##### Record excerpts

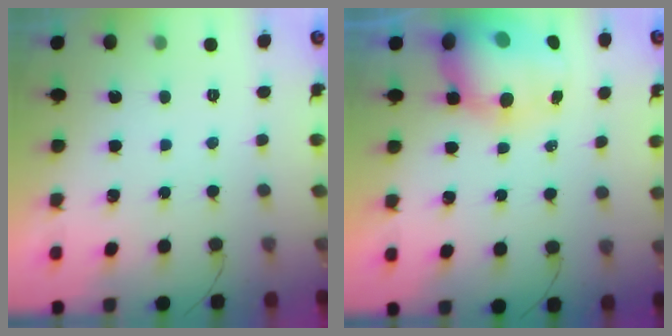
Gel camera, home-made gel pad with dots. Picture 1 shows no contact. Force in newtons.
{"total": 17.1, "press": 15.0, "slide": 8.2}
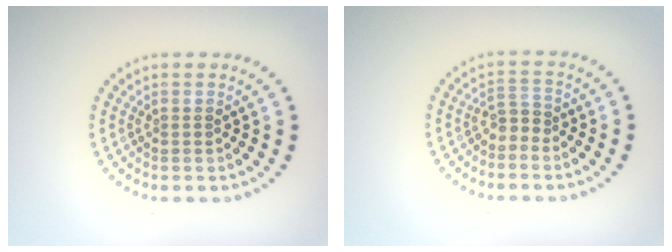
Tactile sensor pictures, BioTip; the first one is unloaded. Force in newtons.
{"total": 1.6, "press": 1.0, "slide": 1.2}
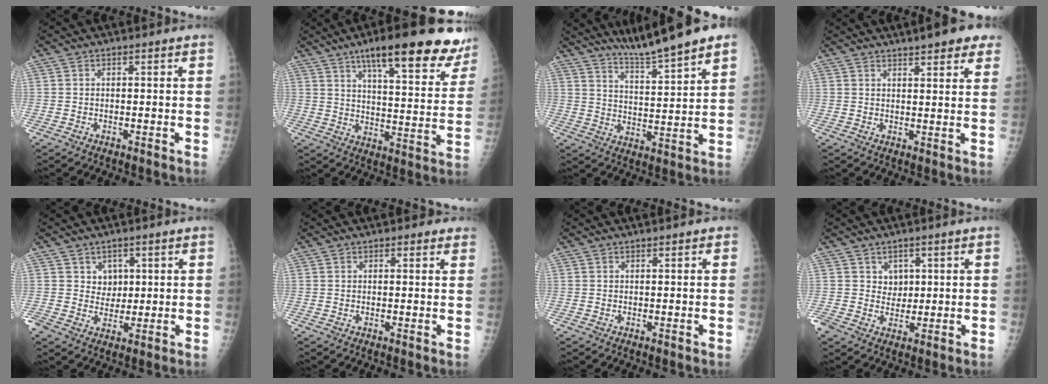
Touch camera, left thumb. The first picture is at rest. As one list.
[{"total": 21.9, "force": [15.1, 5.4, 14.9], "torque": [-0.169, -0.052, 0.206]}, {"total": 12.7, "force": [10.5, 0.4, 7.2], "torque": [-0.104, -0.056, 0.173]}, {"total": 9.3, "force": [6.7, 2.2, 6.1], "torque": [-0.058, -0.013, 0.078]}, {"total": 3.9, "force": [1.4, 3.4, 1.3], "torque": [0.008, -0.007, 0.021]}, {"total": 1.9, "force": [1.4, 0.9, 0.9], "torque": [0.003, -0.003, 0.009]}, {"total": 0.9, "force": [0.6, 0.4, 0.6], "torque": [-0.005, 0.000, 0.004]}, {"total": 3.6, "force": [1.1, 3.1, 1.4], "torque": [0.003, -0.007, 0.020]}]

##########

| Problem requirements |
Repeat exactly the lines from the line containing "Touch camera, left" through the last line of the records above, including both, and nothing else.

| Output of the exercise |
Touch camera, left thumb. The first picture is at rest. As one list.
[{"total": 21.9, "force": [15.1, 5.4, 14.9], "torque": [-0.169, -0.052, 0.206]}, {"total": 12.7, "force": [10.5, 0.4, 7.2], "torque": [-0.104, -0.056, 0.173]}, {"total": 9.3, "force": [6.7, 2.2, 6.1], "torque": [-0.058, -0.013, 0.078]}, {"total": 3.9, "force": [1.4, 3.4, 1.3], "torque": [0.008, -0.007, 0.021]}, {"total": 1.9, "force": [1.4, 0.9, 0.9], "torque": [0.003, -0.003, 0.009]}, {"total": 0.9, "force": [0.6, 0.4, 0.6], "torque": [-0.005, 0.000, 0.004]}, {"total": 3.6, "force": [1.1, 3.1, 1.4], "torque": [0.003, -0.007, 0.020]}]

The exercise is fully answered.